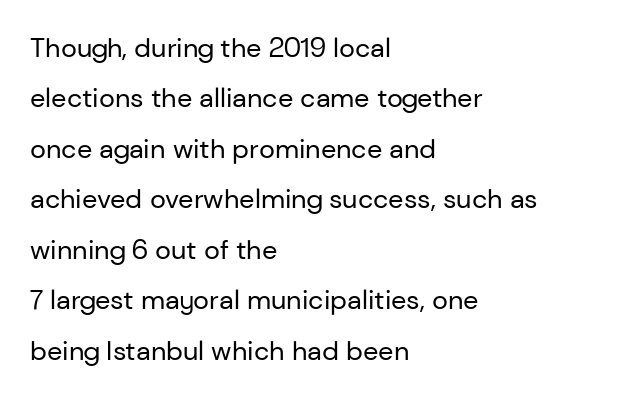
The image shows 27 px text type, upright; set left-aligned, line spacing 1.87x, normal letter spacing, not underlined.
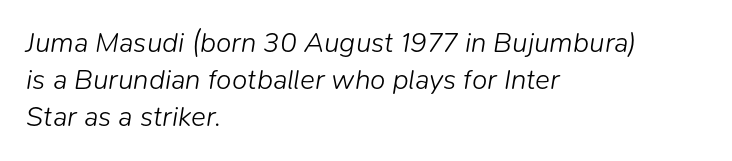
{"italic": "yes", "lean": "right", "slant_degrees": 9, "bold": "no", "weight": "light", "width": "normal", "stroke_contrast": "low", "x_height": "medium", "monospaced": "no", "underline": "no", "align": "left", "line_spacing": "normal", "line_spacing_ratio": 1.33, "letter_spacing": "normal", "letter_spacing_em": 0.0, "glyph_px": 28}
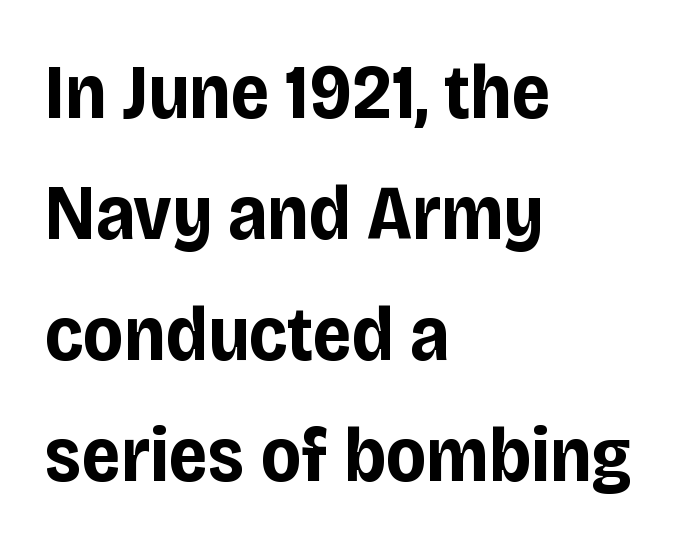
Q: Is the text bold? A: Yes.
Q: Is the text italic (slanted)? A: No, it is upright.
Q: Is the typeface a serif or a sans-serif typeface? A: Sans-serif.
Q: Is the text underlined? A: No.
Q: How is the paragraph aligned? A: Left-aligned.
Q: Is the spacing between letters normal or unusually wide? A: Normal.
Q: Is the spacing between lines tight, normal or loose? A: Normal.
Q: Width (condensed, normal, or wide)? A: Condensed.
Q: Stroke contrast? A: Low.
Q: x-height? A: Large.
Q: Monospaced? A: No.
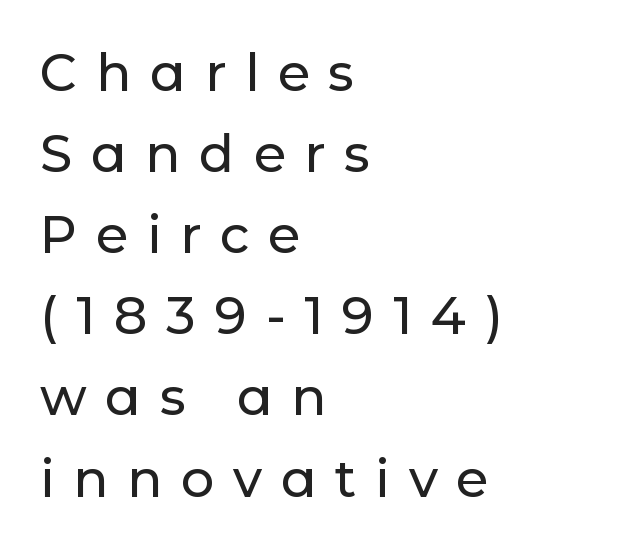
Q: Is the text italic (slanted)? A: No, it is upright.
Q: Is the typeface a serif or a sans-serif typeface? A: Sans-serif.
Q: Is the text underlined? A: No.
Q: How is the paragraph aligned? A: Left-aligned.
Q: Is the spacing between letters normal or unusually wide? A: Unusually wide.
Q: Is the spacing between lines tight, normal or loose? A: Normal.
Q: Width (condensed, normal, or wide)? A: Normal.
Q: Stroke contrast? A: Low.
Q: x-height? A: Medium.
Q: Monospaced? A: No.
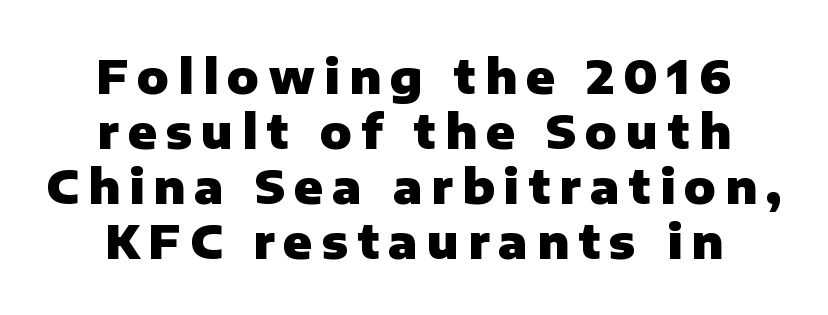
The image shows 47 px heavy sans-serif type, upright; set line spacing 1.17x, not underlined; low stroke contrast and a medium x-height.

* * *

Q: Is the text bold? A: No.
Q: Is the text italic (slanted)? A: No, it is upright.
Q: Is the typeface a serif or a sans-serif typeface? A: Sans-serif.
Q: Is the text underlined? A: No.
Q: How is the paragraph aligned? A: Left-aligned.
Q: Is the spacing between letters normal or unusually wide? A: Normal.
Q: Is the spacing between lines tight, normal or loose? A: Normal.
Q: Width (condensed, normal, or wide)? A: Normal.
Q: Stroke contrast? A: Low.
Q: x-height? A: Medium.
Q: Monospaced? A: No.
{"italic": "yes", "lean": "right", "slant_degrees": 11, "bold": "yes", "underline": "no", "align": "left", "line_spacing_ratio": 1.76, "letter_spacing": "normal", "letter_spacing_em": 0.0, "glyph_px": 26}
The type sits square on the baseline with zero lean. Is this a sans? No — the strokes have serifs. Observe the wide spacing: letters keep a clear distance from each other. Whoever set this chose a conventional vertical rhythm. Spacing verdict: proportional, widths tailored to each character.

What you are asked to do:
Note which lines carry the word "image" in the material, then copy each of them.

Problem solution:
The image shows 27 px text type, upright; set left-aligned, line spacing 1.87x, normal letter spacing, not underlined.
The image shows 47 px heavy sans-serif type, upright; set line spacing 1.17x, not underlined; low stroke contrast and a medium x-height.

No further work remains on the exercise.